Linda Carter (born April 1963) is an American Democratic Party politician. A resident of Plainfield, she has represented the 22nd Legislative District in the New Jersey General Assembly since taking office in 2018 to fill the seat that had been vacant since the death of Jerry Green.

Political career 
Carter served on the Board of Chosen Freeholders for Union County from 2011 to 2017, becoming the Board's chairwoman in 2013. She also served as a commissioner of the Middlesex County Utilities Authority, commissioner of the Raritan Valley Rail Coalition, and at-large councilwoman for the 1st and 4th wards in Plainfield. In June 2018, Rebecca Williams was appointed on an interim basis to fill the freeholder seat expiring in December 2019 that had been held by Carter.

New Jersey Assembly 
Carter was appointed in May 2018 to fill the vacant seat left following the death of Jerry Green the previous month after 26 years of service.
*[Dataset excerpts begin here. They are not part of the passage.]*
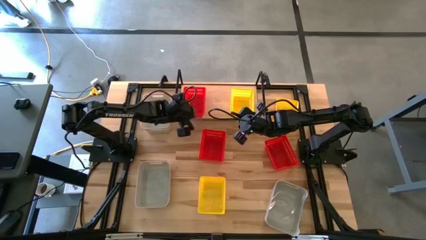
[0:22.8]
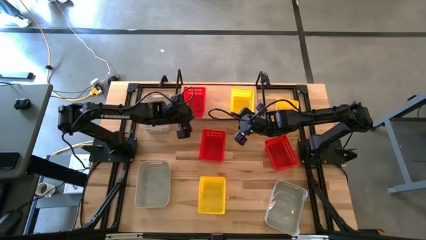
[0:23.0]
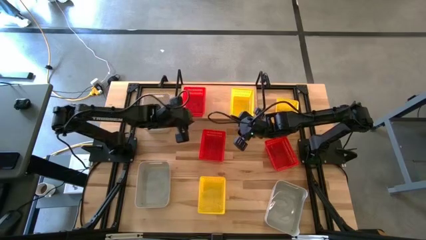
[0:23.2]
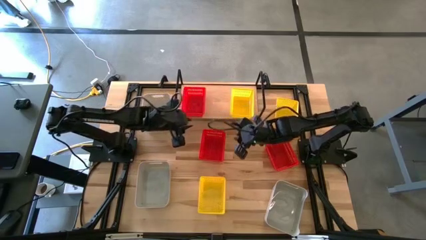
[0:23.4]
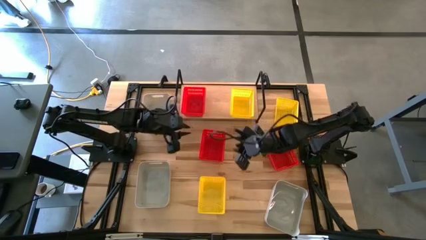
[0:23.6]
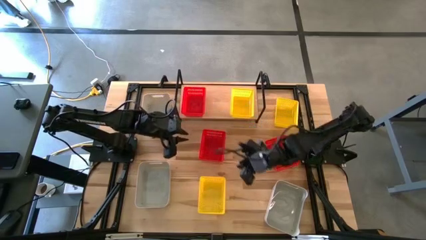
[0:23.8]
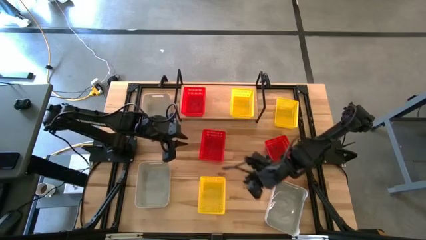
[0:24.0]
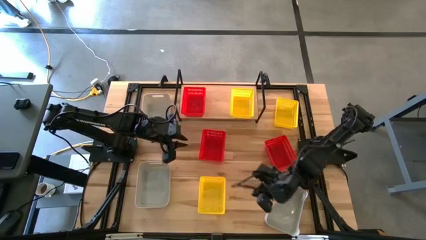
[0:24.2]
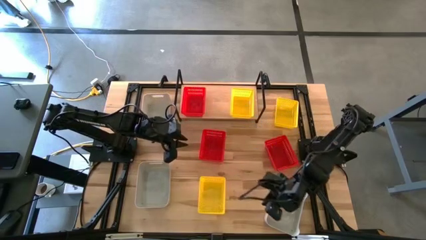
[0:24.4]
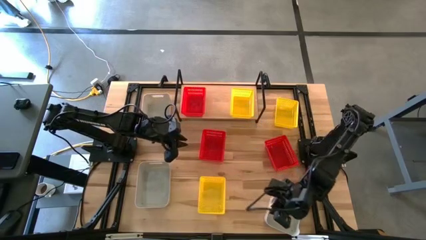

Carter subsequently won the special election to serve the rest of Green's term on November 6, 2018.

Committees
Higher Education, Vice-Chair
Science, Innovation and Technology, Vice-Chair
Law and Public Safety

District 22 
Each of the 40 districts in the New Jersey Legislature has one representative in the New Jersey Senate and two members in the New Jersey General Assembly. The representatives from the 22nd District for the 2022—23 Legislative Session are:
Senator Nicholas Scutari (D) 
Assemblywoman Linda S. Carter (D) 
Assemblyman James J. Kennedy (D)

Legislation 
In the 2018-2019 legislative session, Carter was primary sponsor on the following bills signed into law:

 A-4073 Designates portion of State Highway Route 27 in Union County as "Jerry Green Memorial Highway."
 A-4705 Establishes New Jersey Food Waste Task Force to make recommendations concerning food waste in New Jersey.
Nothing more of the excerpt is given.